Sindrom hand foot umumnya dijumpai 2-3 bulan setelah pengobatan. Jika Anda memperhatikan adanya tanda-tanda awal sindrom hand foot atau perburukan gejala, segera hubungi dokter yang merawat Anda untuk tindak lanjutnya. Berikut tips yang dapat membantu Anda mencegah sindrom hand foot:

  • Membatasi menggunakan air panas pada tangan dan kaki saat mencuci atau mandi.
  • Mendinginkan tangan dan kaki dengan menggunakan ice pack, air mengalir, atau handuk basah selama 15-20 menit.

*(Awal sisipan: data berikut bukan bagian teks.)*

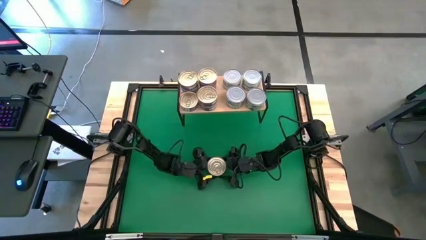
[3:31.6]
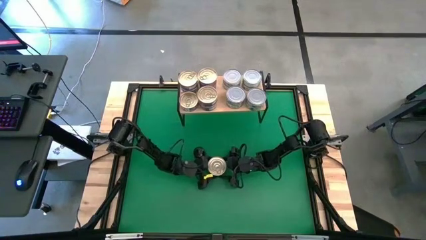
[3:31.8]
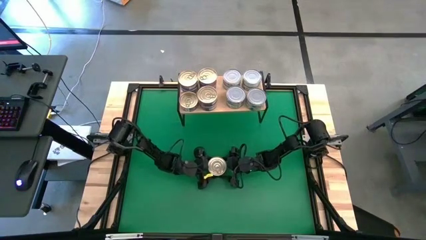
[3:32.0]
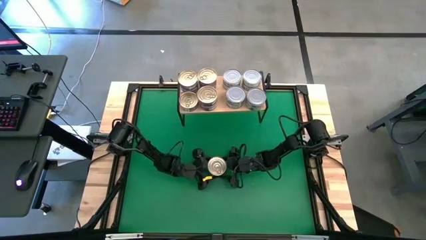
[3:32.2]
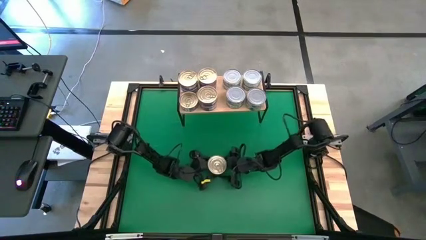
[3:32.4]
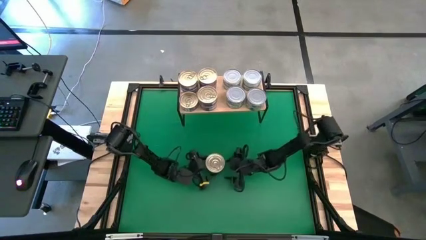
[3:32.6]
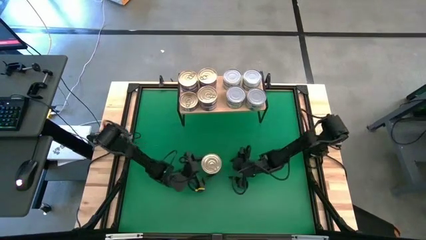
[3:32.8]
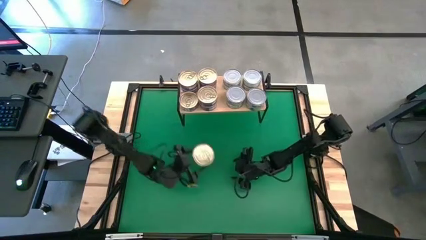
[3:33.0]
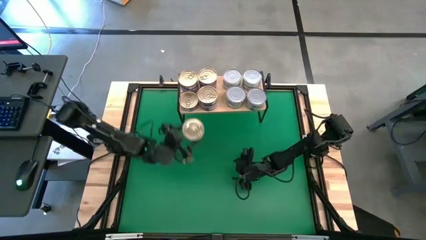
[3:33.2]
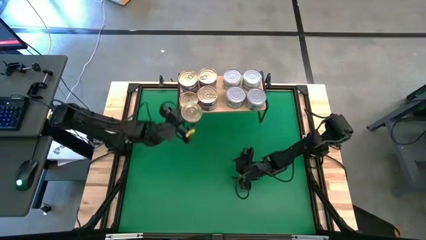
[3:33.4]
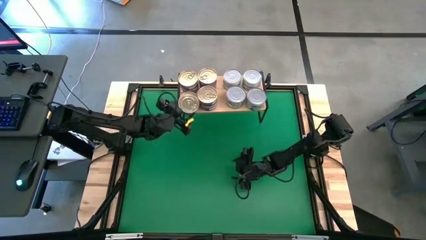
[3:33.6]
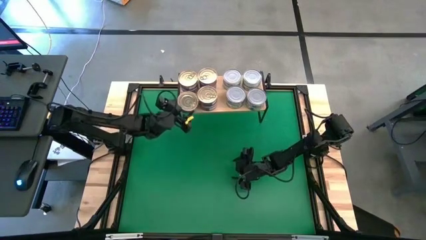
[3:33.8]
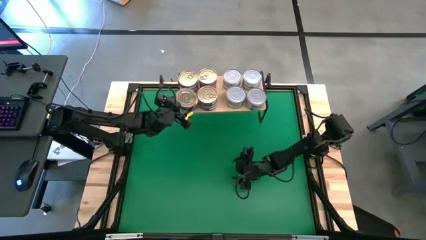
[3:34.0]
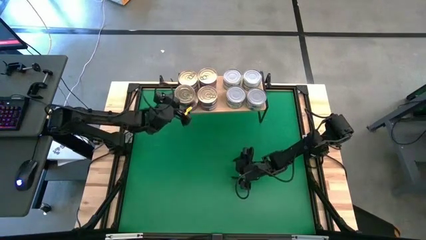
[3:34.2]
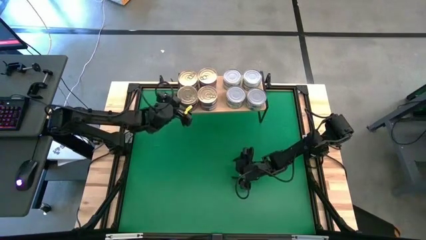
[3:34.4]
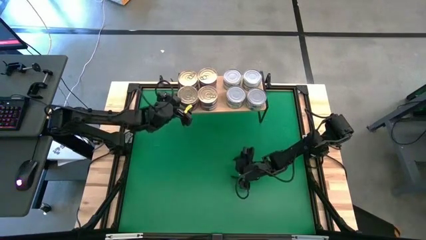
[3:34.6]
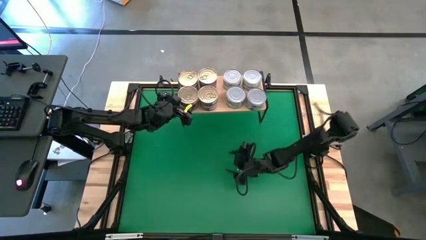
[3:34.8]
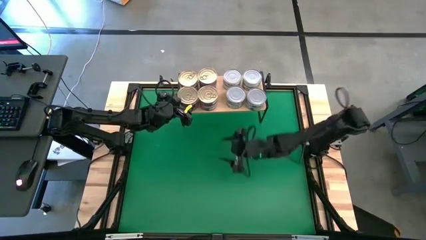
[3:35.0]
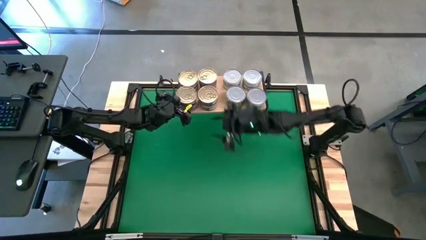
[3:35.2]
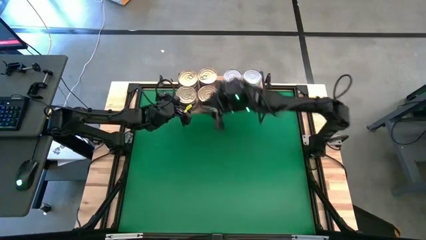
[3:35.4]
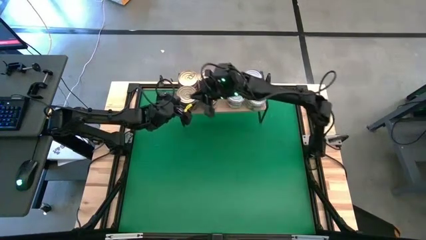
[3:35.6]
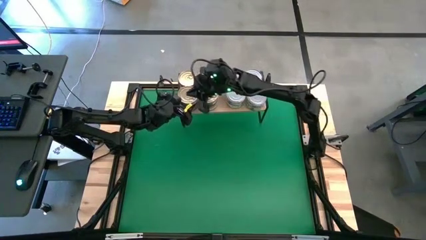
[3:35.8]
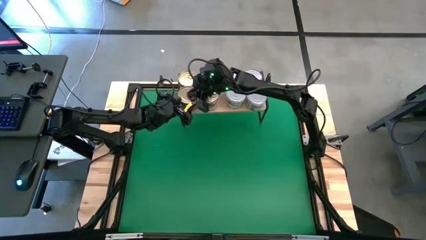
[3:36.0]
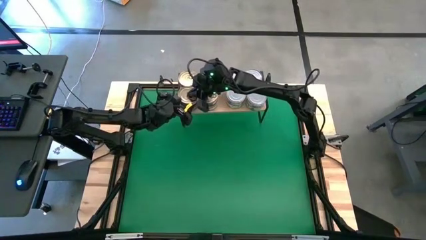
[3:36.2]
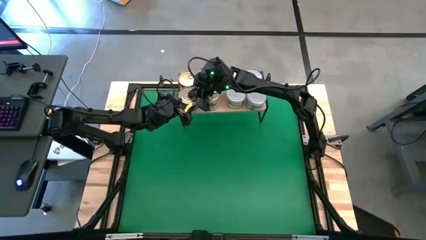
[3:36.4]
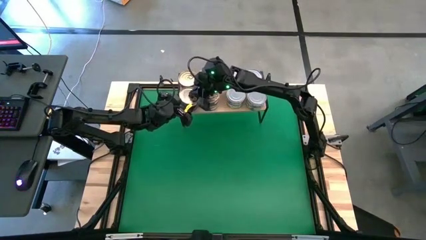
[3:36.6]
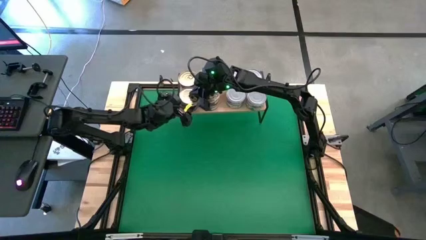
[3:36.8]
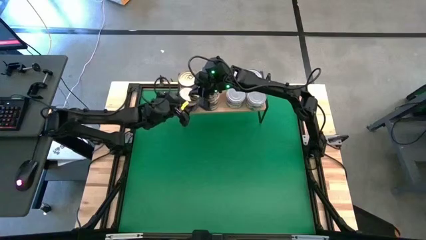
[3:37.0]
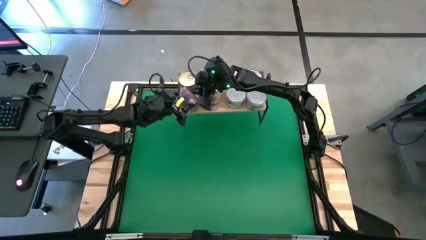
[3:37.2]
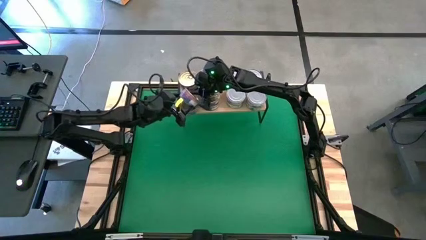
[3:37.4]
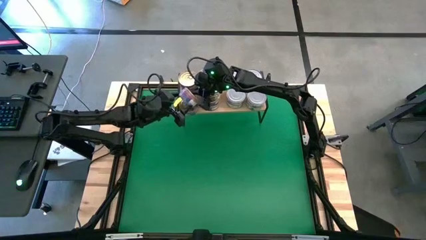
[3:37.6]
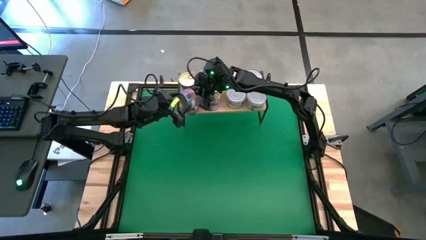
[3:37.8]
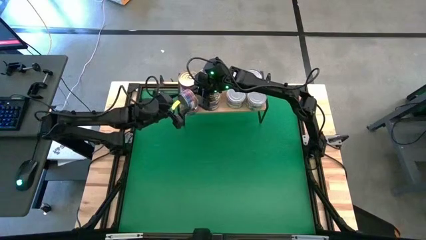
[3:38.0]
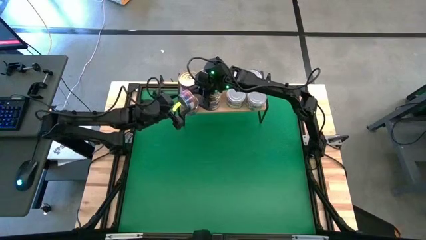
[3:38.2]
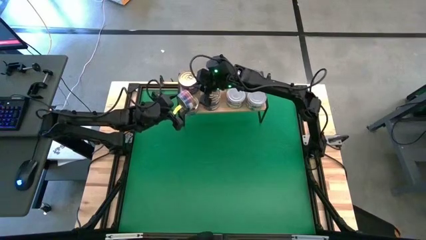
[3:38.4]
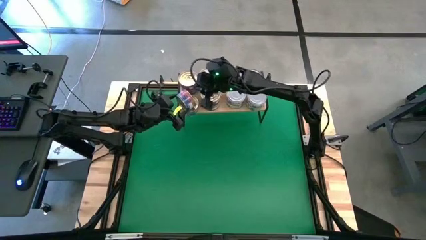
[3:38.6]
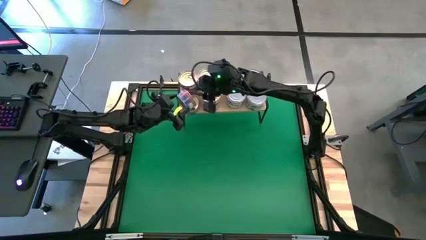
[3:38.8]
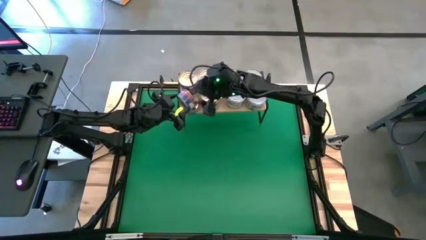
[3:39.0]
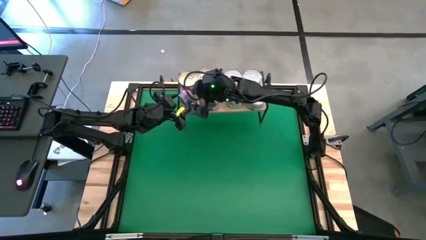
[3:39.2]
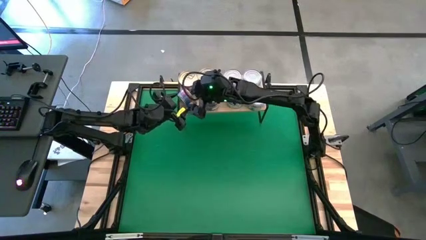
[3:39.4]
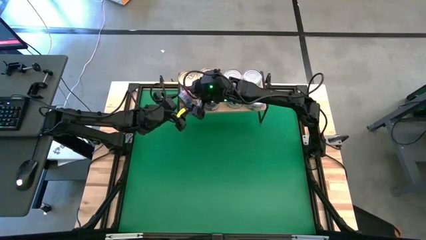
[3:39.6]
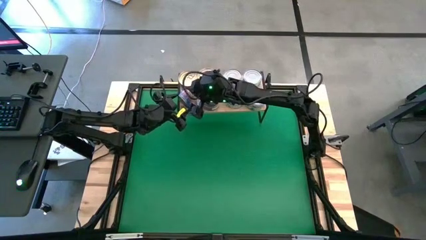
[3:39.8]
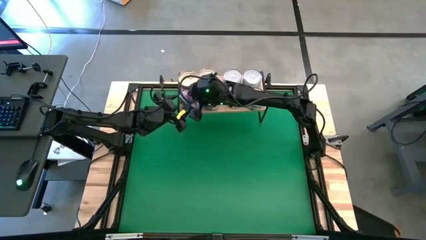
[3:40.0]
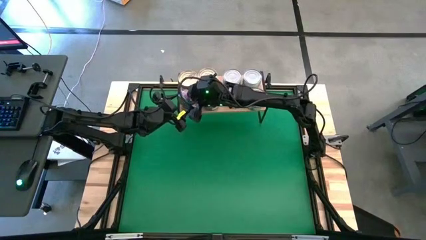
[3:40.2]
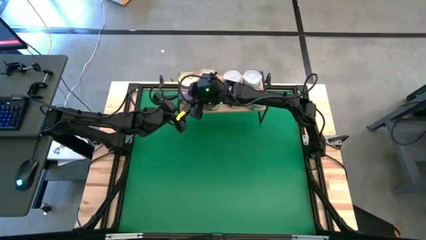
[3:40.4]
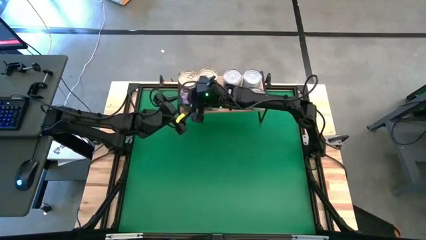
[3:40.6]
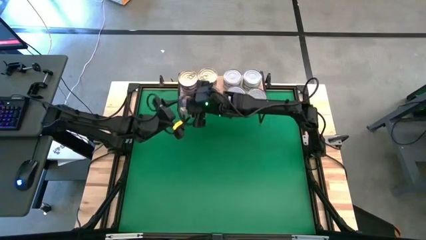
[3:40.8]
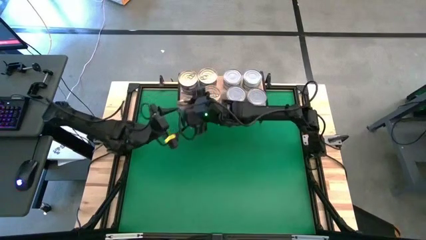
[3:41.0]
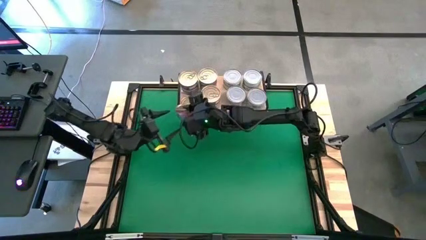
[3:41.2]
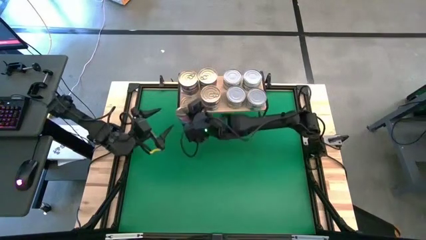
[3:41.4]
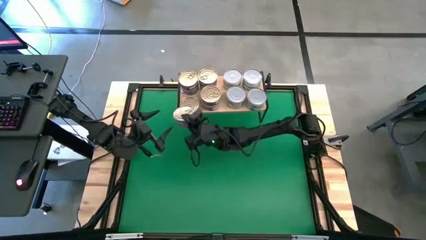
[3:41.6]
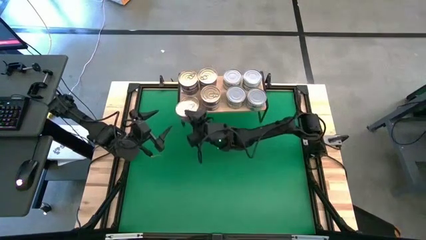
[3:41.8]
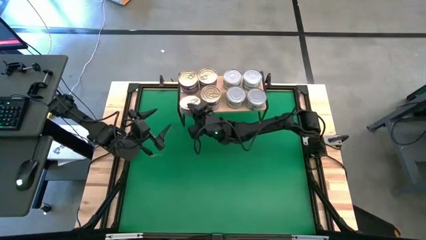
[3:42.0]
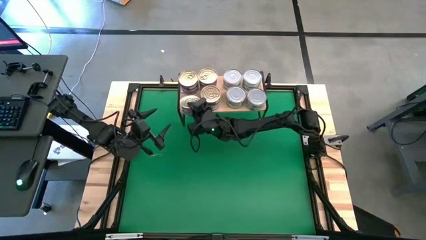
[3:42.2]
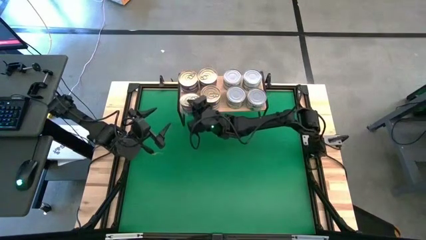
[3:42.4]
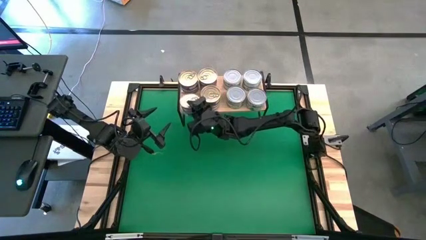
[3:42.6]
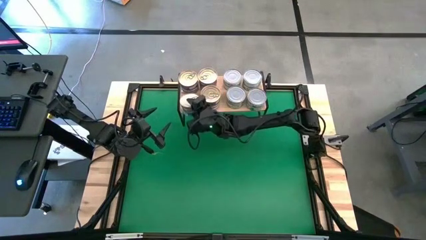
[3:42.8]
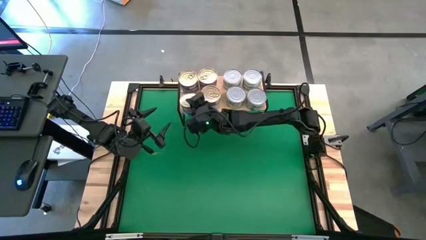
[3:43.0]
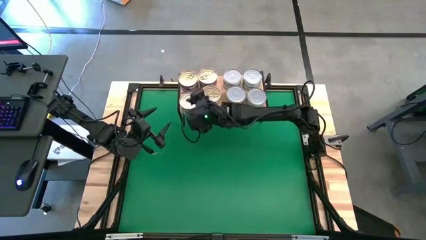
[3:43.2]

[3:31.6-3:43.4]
Task: Stack canned seafood by type on shelf
Stack the blue tuna can on top of the other blue tuna can on the shelf

Hindari menggunakan es secara langsung pada kulit.
  • Menghindari sumber panas, seperti sauna, terpajan sinar matahari, atau duduk di depan jendela di mana sinar matahari dapat masuk.
  • Menghindari aktivitas yang menimbulkan tekanan atau gesekan pada tangan dan kaki, misalnya menggunakan peralatan pertukangan/berkebun, jogging, senam aerobik, berjalan jarak jauh.
  • Menghindari kontak dengan bahan-bahan kimia untuk produk pembersih rumah tangga.
  • Mengoleskan krim perawatan kulit secara lembut untuk menjaga kelembaban kulit tangan dan kaki. Hindari menggosok atau mengurut dengan pelembab pada tangan dan kaki.
  • Menggunakan alas kaki yang nyaman dengan ventilasi yang baik.

 

Jika terjadi sindrom hand foot walaupun telah dilakukan upaya-upaya pencegahan, maka dokter akan mengatasi gejala yang telah ada, mengurangi komplikasi, dan mencegah perburukan gejala. Intervensi yang dilakukan oleh dokter adalah menurunkan dosis kemoterapi berikutnya setelah kondisi saat ini tertangani dengan baik. Terapi yang diberikan oleh dokter dapat berupa vitamin B6, penghambat cyclo-oxygenase-2 (contohnya celecoxib), urea topikal (krim untuk melembabkan) emolien (untuk melembabkan dan mempertahankan hidrasi), corticosteroid topikal (sebagai anti-inflamasi).

 

Image : Ilustrasi

Referensi:

1.Indonesia. Globocan 2018. International Agency for Research on Cancer. 2019 [cited 2019 June 9]. Available from: http://gco.iarc.fr/today/data/factsheets/populations/360-indonesia-fact-sheets.pdf

2. Cardoso F, Colleoni M, Di Leo A, Francia G, Gennari A, Gligorov J, et al. Oral chemotherapy in advanced breast cancer: Expert perspectives on its role in clinical practice. Cancer Treatment Communications 2016;651:S1-10.

3. Taceral [package insert]. Jakarta, Indonesia: PT Kalbe Farma Tbk; 2017.